Vassiel glanced toward the main street. "This city is controlled," he said quietly. "There's order. That doesn't happen without structure."
Eden's gaze followed the citizens instead — their lowered heads, their careful spacing.
"Order?" he muttered. "We just buried an entire family."
Vassiel's eyes shifted back to him.
"Their crest erased," Eden continued. "Their guards stripped of insignias. Bodies arranged like a message." His voice remained steady, but something colder threaded beneath it. "That wasn't chaos. That was deliberate."
"Or contained," Vassiel countered calmly.
Eden looked at him.
"Contained?"
"If something threatens a system," Vassiel said, "it gets removed. That doesn't automatically mean the system itself is corrupt."
"It means someone decided who was worth removing," Eden replied.
A pause stretched between them.
"And if that decision prevented something worse?" Vassiel asked.
Eden's jaw tightened slightly. "You didn't see those corpses and think 'prevention.'"
Vassiel didn't answer immediately.
"I saw control," he said at last.
Silence settled heavily in the alley.
Eden looked back toward the city center. "If a place has to hunt people for asking questions," he said quietly, "it deserves to be challenged."
"Challenged," Vassiel repeated. "Or dismantled?"
"If it's rotten," Eden replied, "you don't patch it."
"And what replaces it?" Vassiel asked.
Eden didn't hesitate. "Something better."
Vassiel studied him for a long moment.
"Something better," he echoed softly.
The tension eased slightly, but not completely.
"You're right," Eden said after a moment. "It's dangerous. But it's a risk I'm willing to take. You don't have to come with me."
Vassiel closed his eyes briefly and exhaled through his nose, then dragged a hand across his forehead.
"Fine," he muttered. "If we stay, we don't move openly."
Eden waited.
"We find refuge inside the city," Vassiel continued. "Somewhere they won't look first. We change our appearance. Masks. Hoods. Anything to obscure our faces. If they're searching for us, we give them someone else."
Eden nodded slowly. "Yeah. We do that."
A brief pause.
"But we still go to the bartender."
Vassiel let out a tired sigh. "You're determined."
"He recognized the symbol," Eden said. "That wasn't fear. That was familiarity."

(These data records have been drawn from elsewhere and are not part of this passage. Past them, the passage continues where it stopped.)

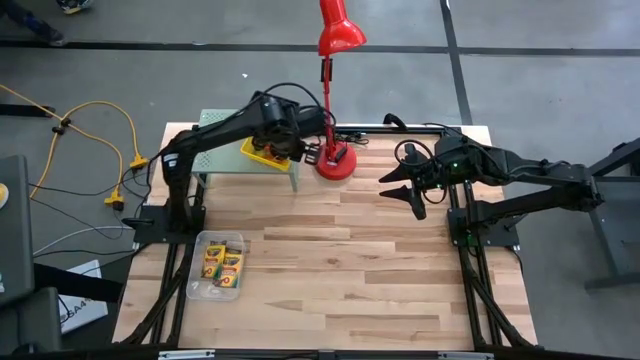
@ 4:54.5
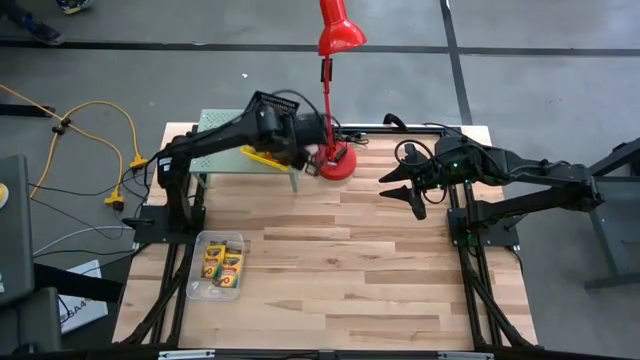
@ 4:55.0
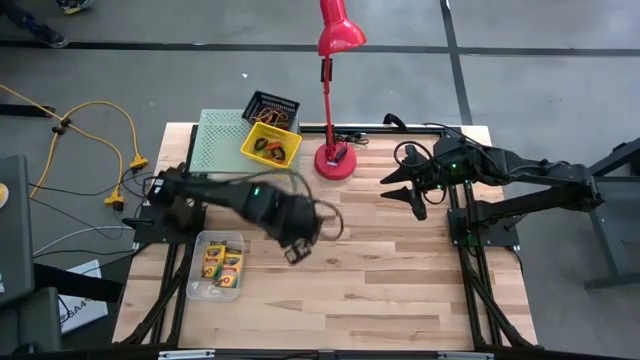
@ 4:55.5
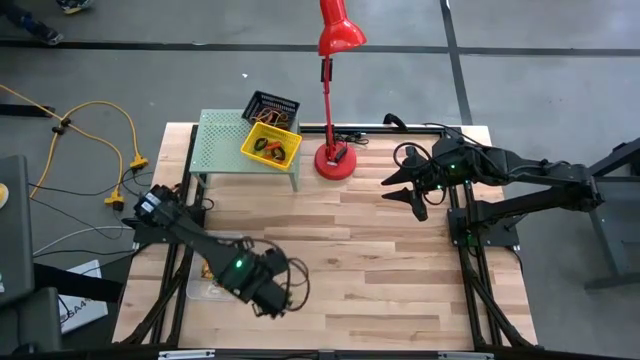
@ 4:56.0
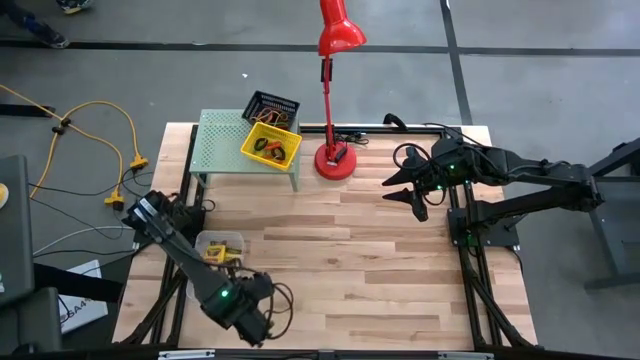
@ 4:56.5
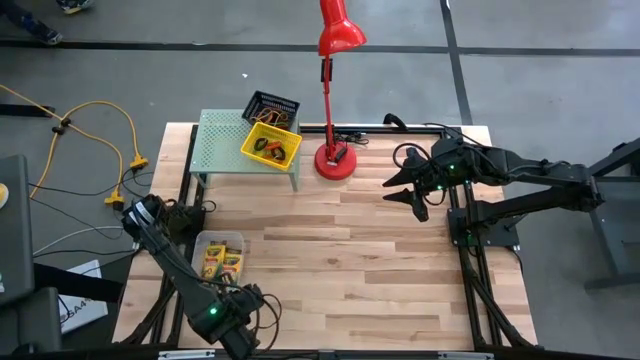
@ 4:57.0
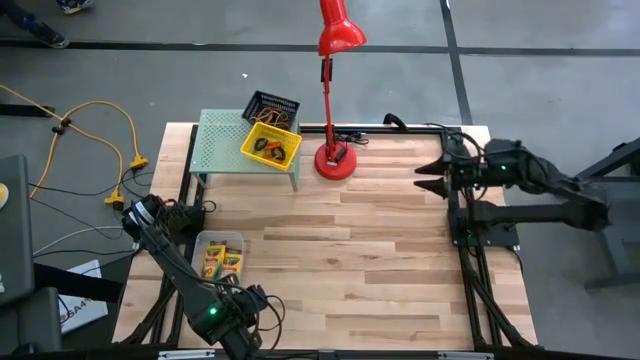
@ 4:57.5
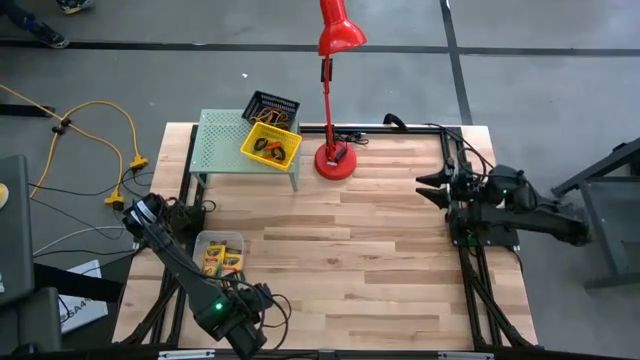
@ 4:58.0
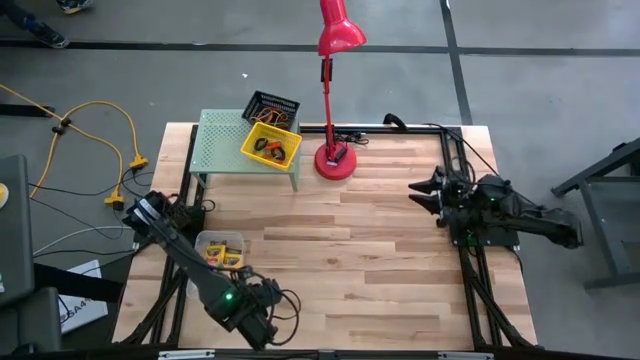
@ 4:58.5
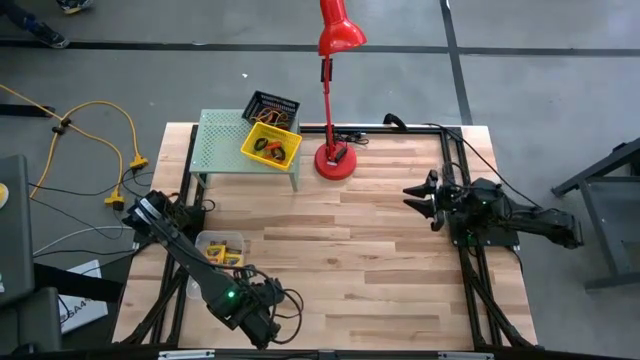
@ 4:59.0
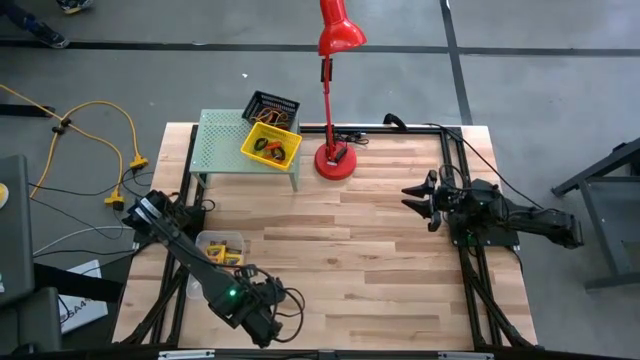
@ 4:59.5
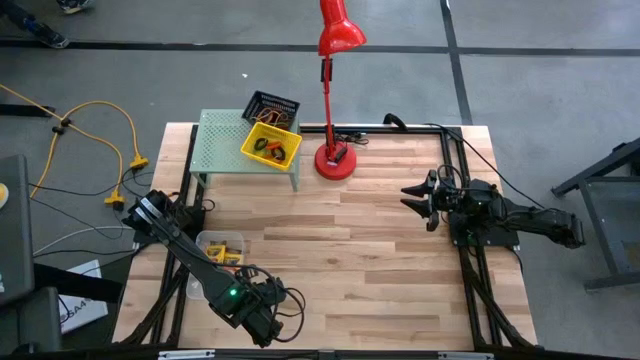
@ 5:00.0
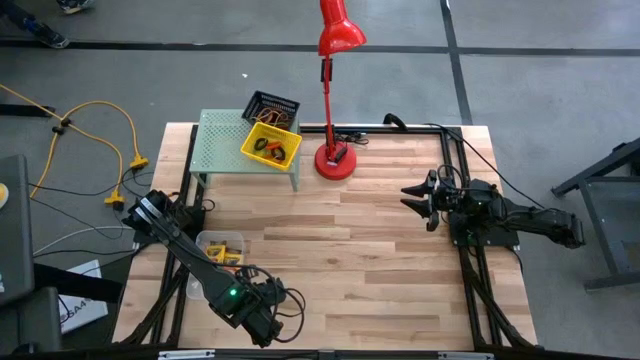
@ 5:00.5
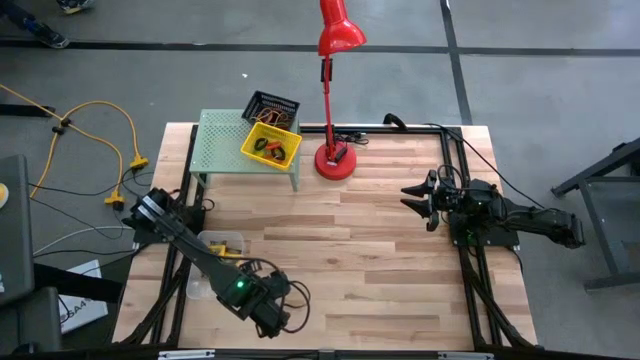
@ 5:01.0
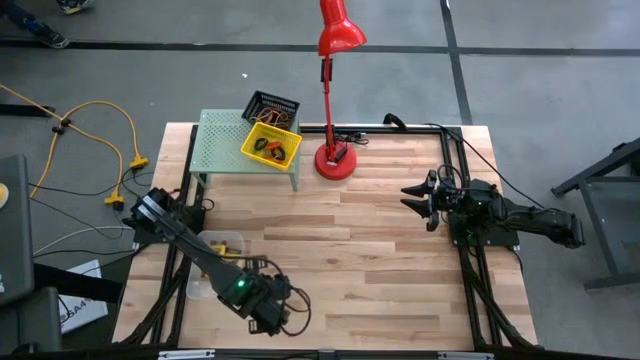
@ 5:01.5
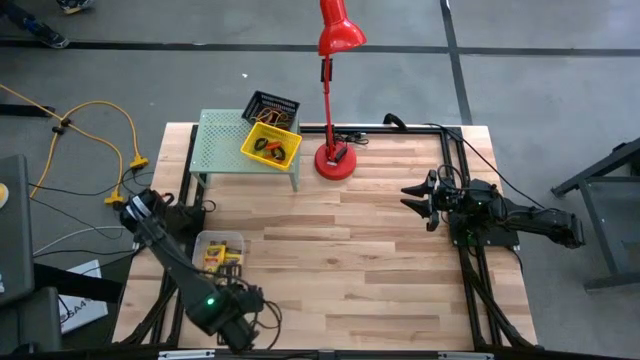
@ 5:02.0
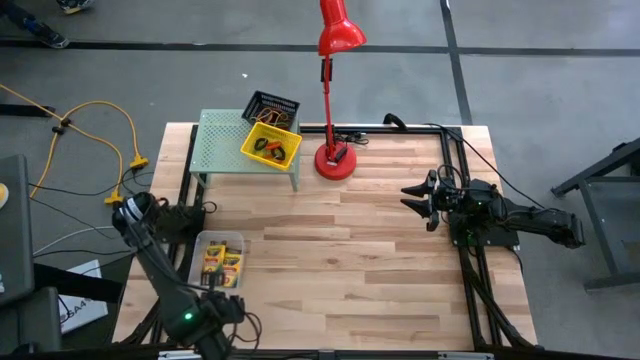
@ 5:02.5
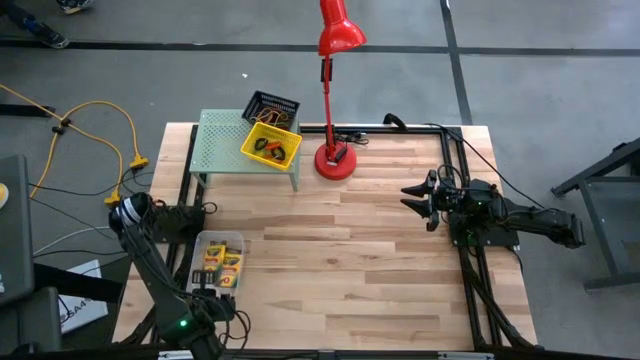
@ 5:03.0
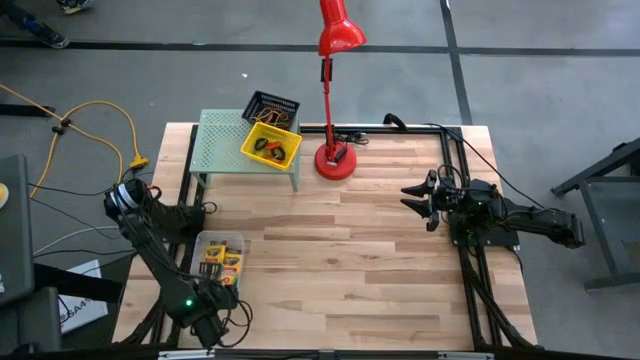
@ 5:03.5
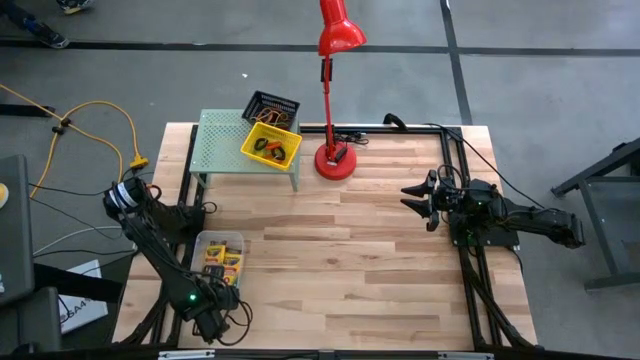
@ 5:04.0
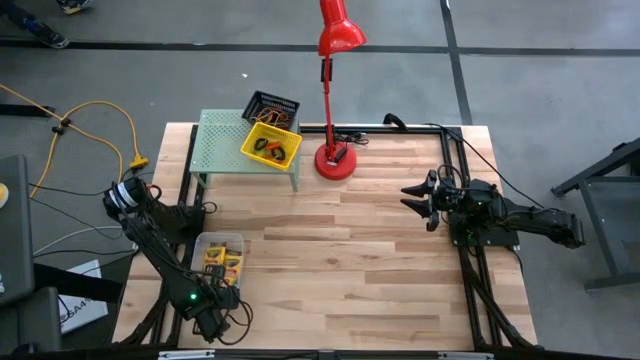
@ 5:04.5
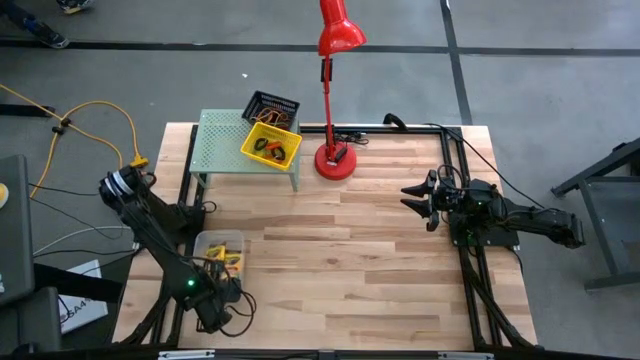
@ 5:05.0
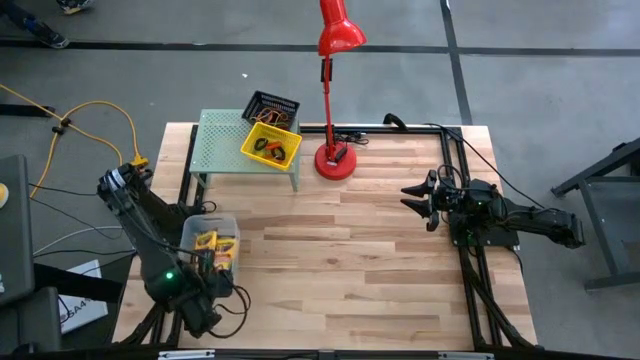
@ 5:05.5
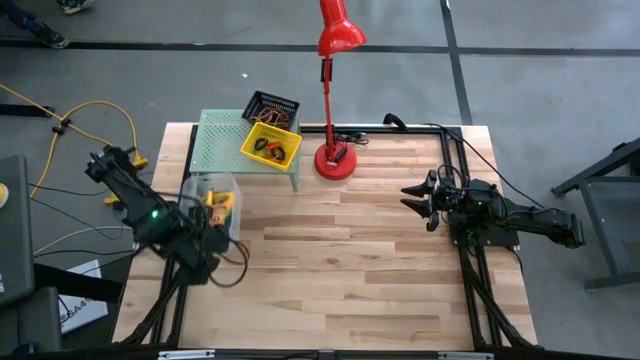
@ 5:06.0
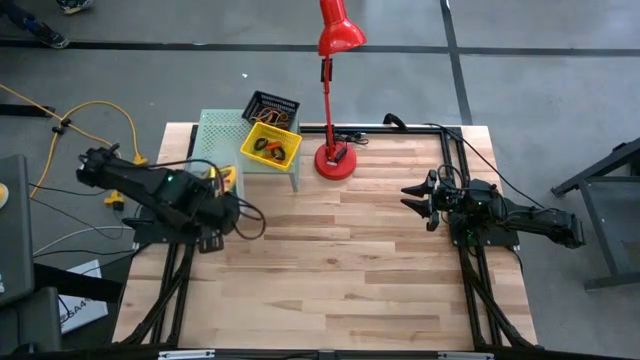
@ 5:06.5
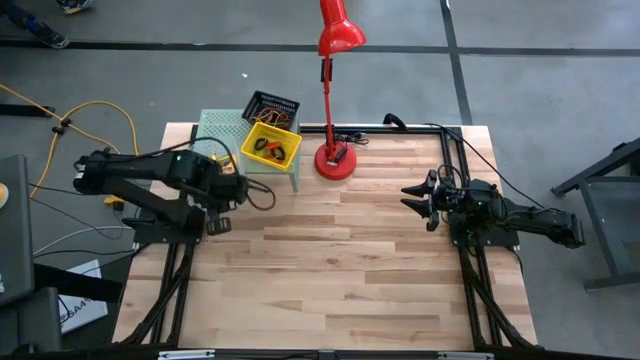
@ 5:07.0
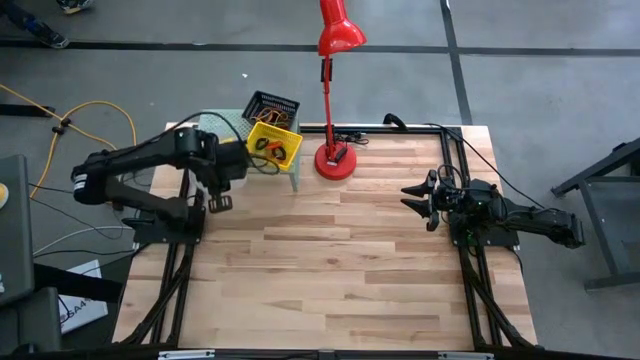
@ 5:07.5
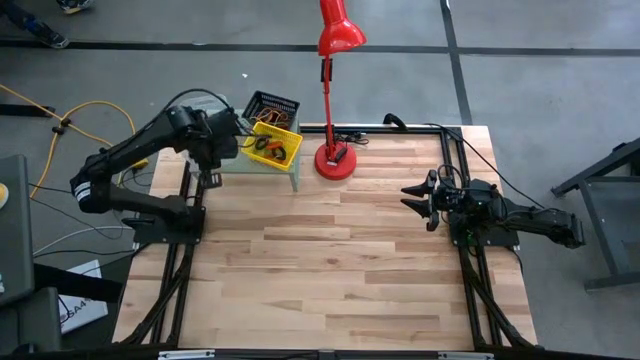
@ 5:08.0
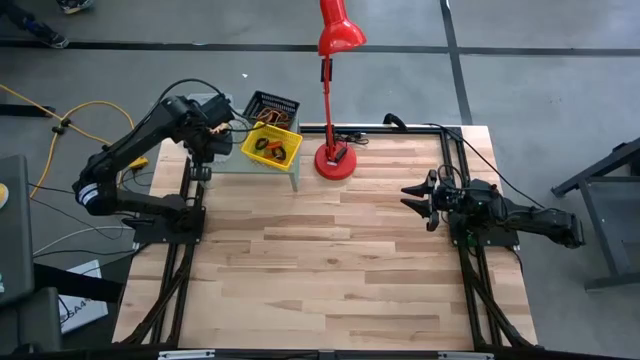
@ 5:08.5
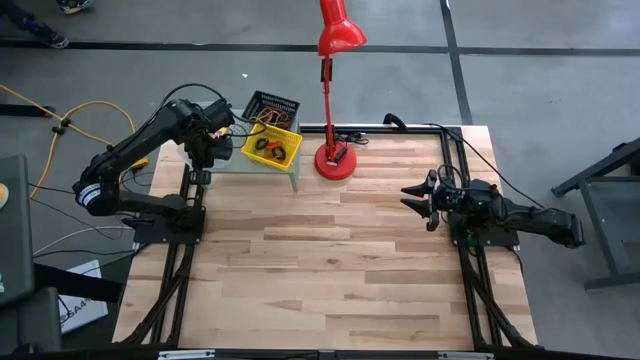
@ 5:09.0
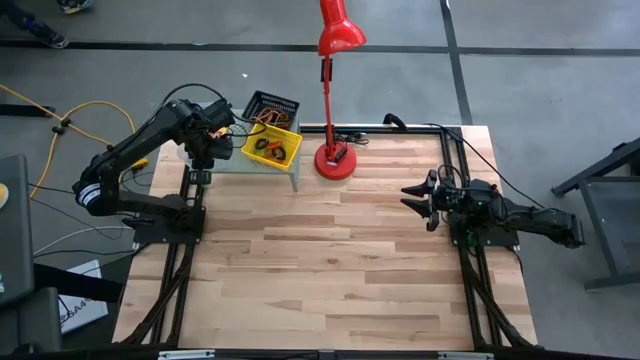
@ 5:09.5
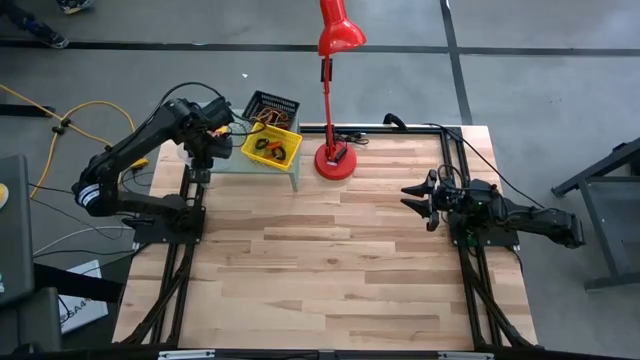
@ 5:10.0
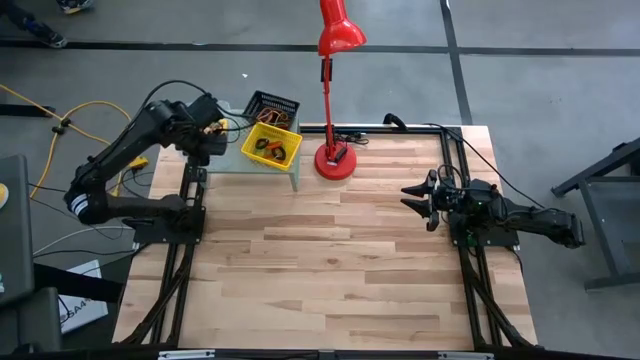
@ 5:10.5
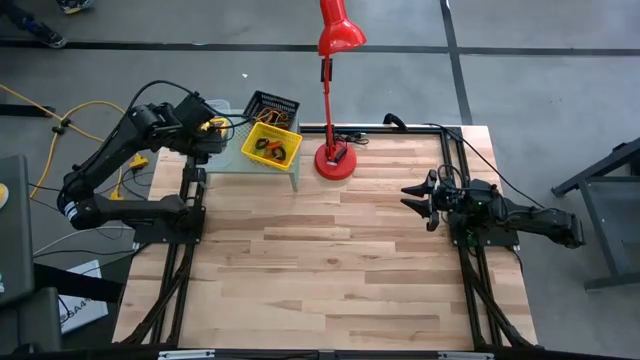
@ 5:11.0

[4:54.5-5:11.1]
Task: Pick & Place Office Desk Supplies
Put the transparent bin with crayon boxes on the shelf

"Or self-preservation," Vassiel replied.
"Either way," Eden said, "he knows something."
Vassiel looked toward the main road again, watching another patrol pass in precise intervals.

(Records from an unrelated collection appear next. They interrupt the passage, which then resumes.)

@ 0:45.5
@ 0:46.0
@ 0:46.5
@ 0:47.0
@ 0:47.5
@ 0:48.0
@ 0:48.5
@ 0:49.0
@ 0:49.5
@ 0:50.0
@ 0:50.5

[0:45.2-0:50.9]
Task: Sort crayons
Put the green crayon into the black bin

"Alright," he said finally. "We move carefully. No sudden turns. No lingering."
"It's not like you were listening to me before," he added dryly.
Eden allowed a faint, fleeting smirk. "I heard you."
They led the horses back toward the alley entrance.
Before stepping out, both scanned the street once more. Guards passed at measured intervals. Citizens moved with quiet compliance. The city functioned like a machine — efficient, controlled.
Predictable.
Eden mounted first despite the lingering ache in his body.
Vassiel followed.
They rode back into the flow of the street, posture calm, movements deliberate.
As they continued toward the center, Eden's thoughts returned to the words spoken moments earlier.
The imperfect.
He didn't know what that meant.
But he had the distinct feeling the city did.
And that was reason enough not to turn back.